What you should do =
Would you please repeat all of the data exactly, omitting the pictures?

Material supplied =
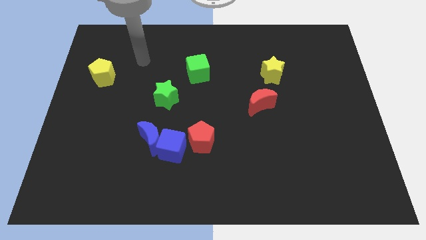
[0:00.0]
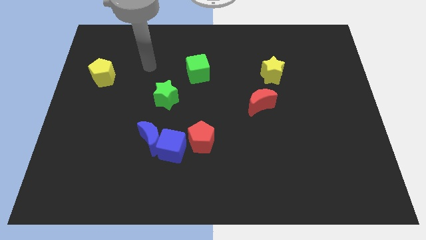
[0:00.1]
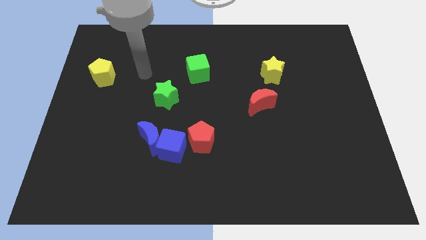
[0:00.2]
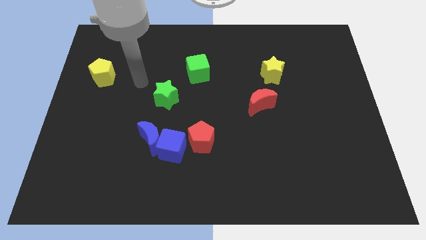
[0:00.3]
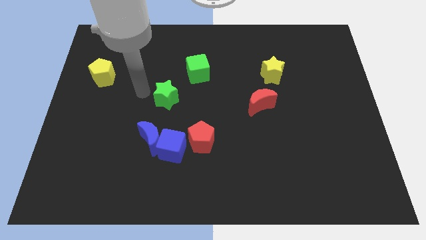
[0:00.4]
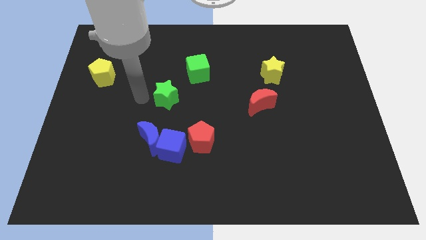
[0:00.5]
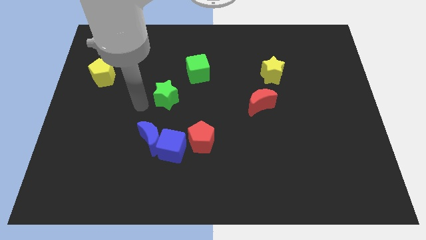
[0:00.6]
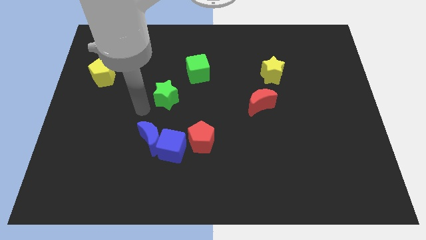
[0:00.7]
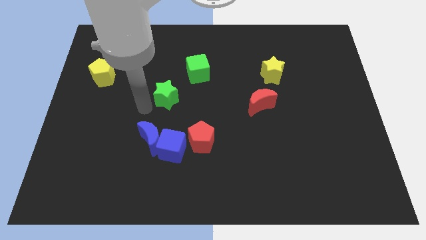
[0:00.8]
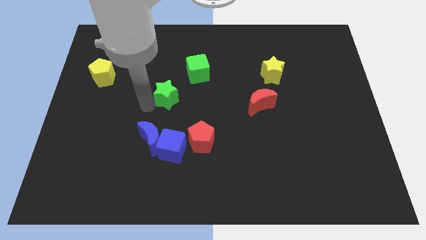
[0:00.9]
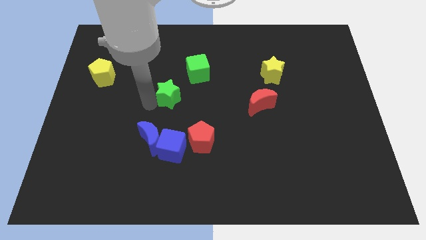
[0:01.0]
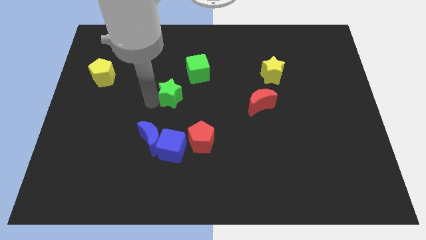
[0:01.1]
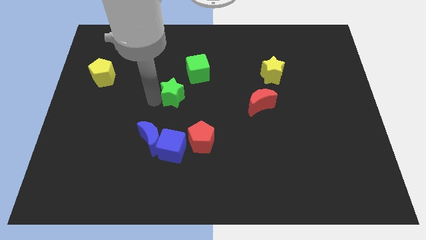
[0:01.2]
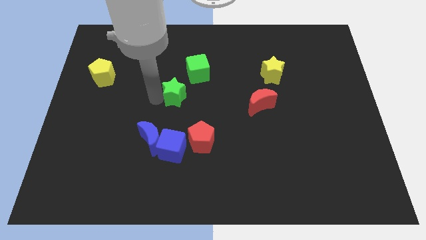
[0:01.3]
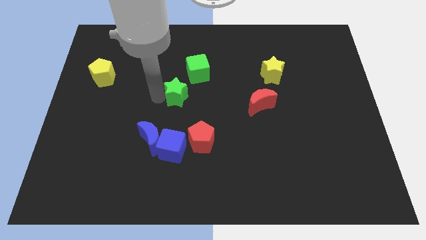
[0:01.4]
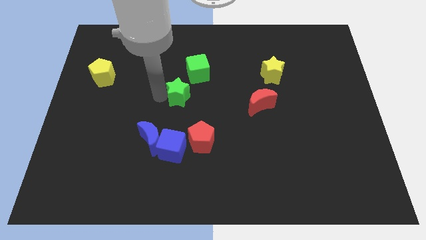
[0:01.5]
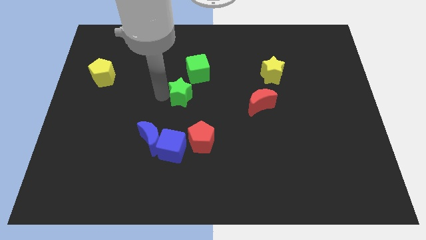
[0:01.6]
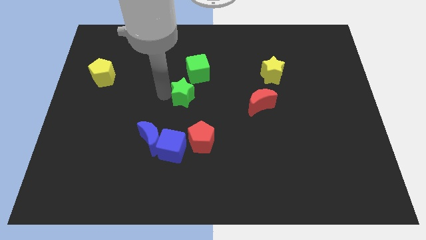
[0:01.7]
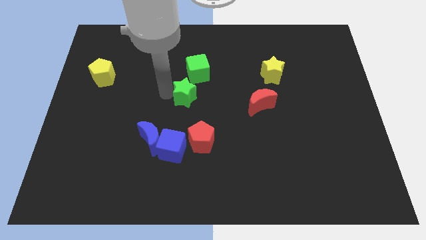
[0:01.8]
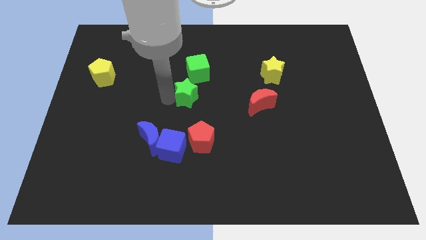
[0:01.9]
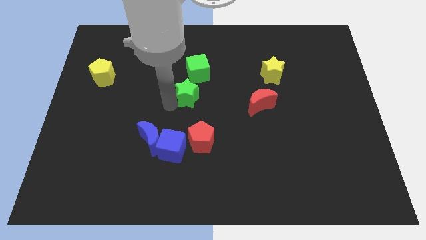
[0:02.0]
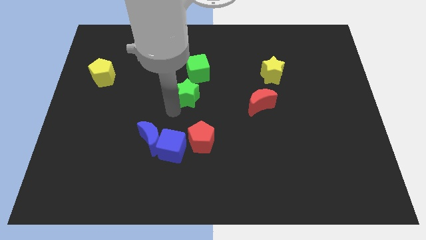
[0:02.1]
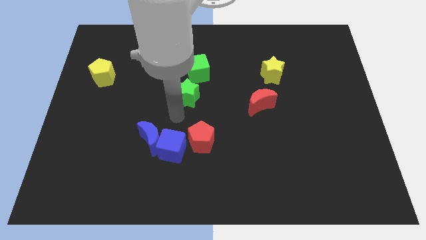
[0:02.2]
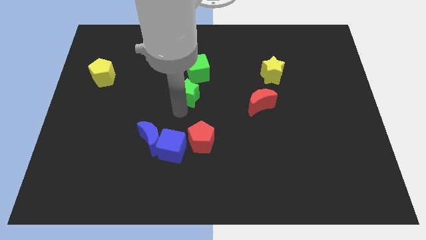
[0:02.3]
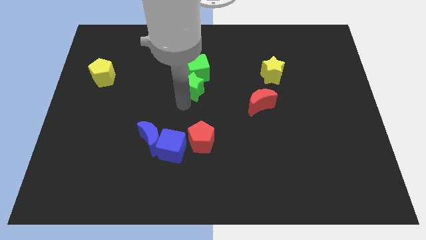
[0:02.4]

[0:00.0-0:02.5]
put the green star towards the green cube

Answer section =
[0:00.0]
[0:00.1]
[0:00.2]
[0:00.3]
[0:00.4]
[0:00.5]
[0:00.6]
[0:00.7]
[0:00.8]
[0:00.9]
[0:01.0]
[0:01.1]
[0:01.2]
[0:01.3]
[0:01.4]
[0:01.5]
[0:01.6]
[0:01.7]
[0:01.8]
[0:01.9]
[0:02.0]
[0:02.1]
[0:02.2]
[0:02.3]
[0:02.4]

[0:00.0-0:02.5]
put the green star towards the green cube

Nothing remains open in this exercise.